- [Supplied information]:
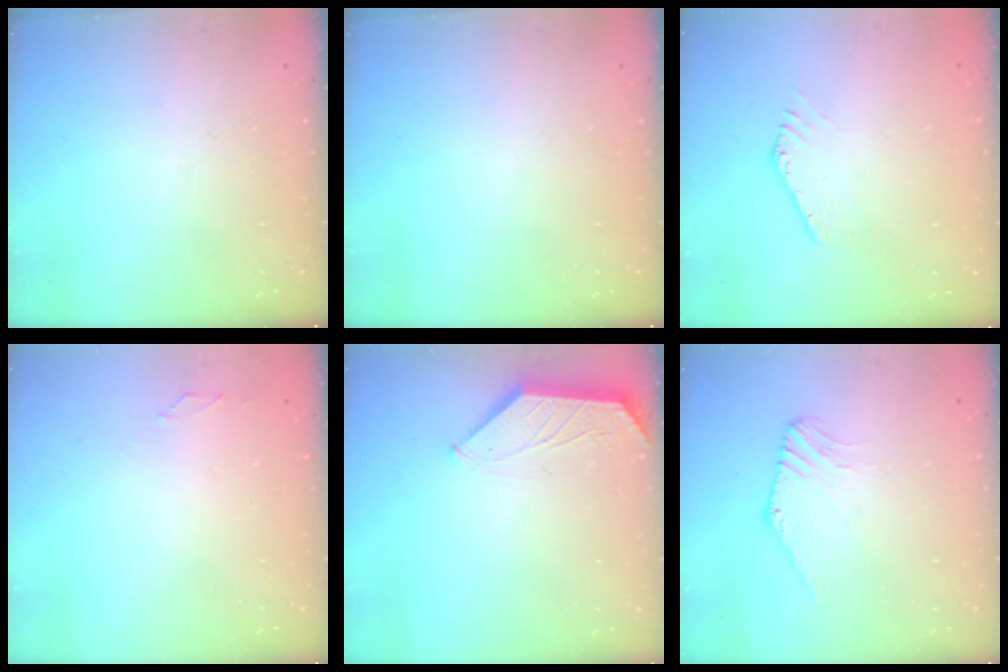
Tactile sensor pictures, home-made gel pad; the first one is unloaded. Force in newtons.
{"total": 0.0}
{"total": 1.3, "press": 1.2, "slide": 0.3}
{"total": 0.0}
{"total": 1.1, "press": 1.1, "slide": 0.3}
{"total": 0.5, "press": 0.5, "slide": 0.3}
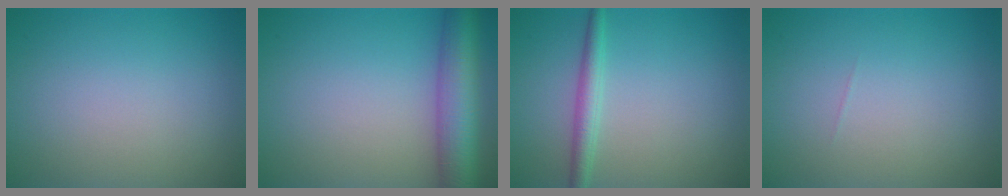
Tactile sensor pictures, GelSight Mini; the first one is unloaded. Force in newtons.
{"total": 7.1, "press": 7.1, "slide": 0.2}
{"total": 2.2, "press": 2.2, "slide": 0.1}
{"total": 0.0}
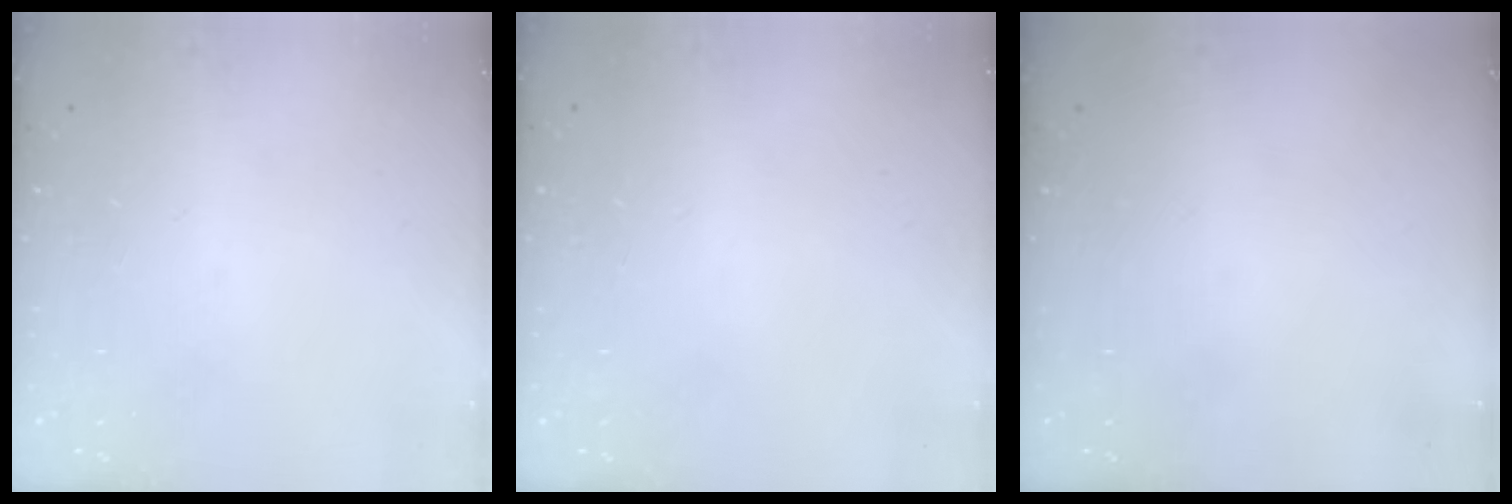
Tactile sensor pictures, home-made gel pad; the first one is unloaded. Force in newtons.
{"total": 2.4, "press": 2.4, "slide": 0.2}
{"total": 0.0}
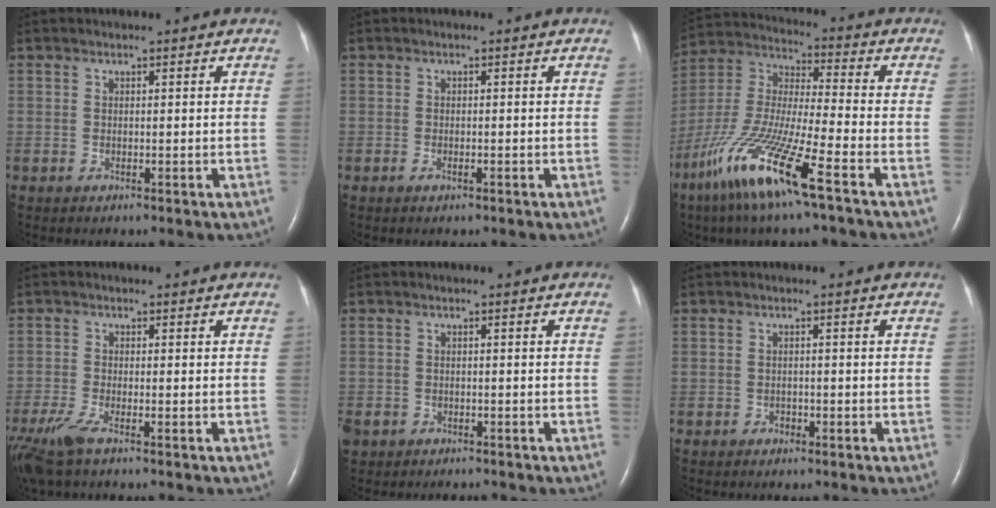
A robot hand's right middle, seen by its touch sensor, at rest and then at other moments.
{"total": 1.0, "force": [-0.5, 0.3, 0.7], "torque": [-0.014, 0.000, -0.007]}
{"total": 17.1, "force": [-9.6, 0.9, 14.1], "torque": [-0.319, -0.046, -0.190]}
{"total": 5.8, "force": [-3.8, 1.1, 4.2], "torque": [-0.095, -0.019, -0.073]}
{"total": 4.9, "force": [-3.6, 3.0, 1.3], "torque": [-0.033, 0.000, -0.056]}
{"total": 0.9, "force": [-0.6, 0.6, 0.3], "torque": [-0.003, 0.004, -0.012]}
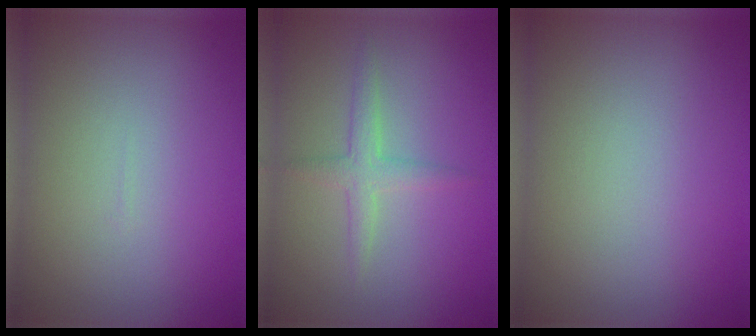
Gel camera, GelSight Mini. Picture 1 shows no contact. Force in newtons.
{"total": 1.9, "press": 1.9, "slide": 0.1}
{"total": 0.0}
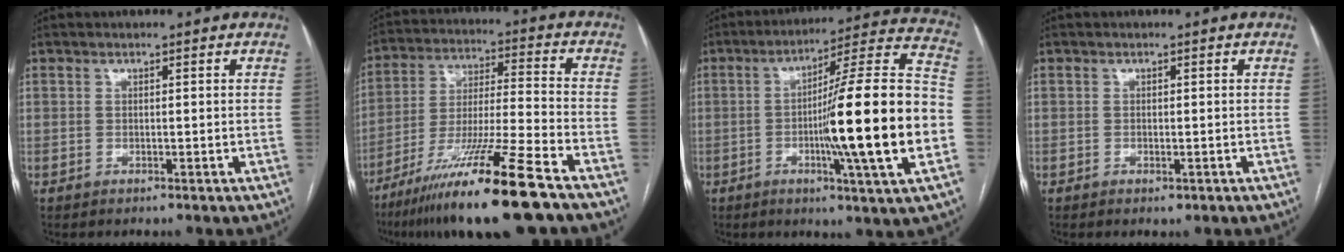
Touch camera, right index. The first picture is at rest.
{"total": 18.2, "force": [-12.3, -0.6, 13.5], "torque": [-0.250, -0.042, -0.220]}
{"total": 22.2, "force": [-4.2, -0.4, 21.8], "torque": [-0.296, 0.004, -0.073]}
{"total": 0.9, "force": [-0.5, 0.5, 0.6], "torque": [-0.007, 0.000, -0.003]}

- [Problem to solve]:
Lines before the one containing "Touch camera, right" are to be left out; that line and every line after it through the end of the data should be copied exactly.

- [Expected answer]:
Touch camera, right index. The first picture is at rest.
{"total": 18.2, "force": [-12.3, -0.6, 13.5], "torque": [-0.250, -0.042, -0.220]}
{"total": 22.2, "force": [-4.2, -0.4, 21.8], "torque": [-0.296, 0.004, -0.073]}
{"total": 0.9, "force": [-0.5, 0.5, 0.6], "torque": [-0.007, 0.000, -0.003]}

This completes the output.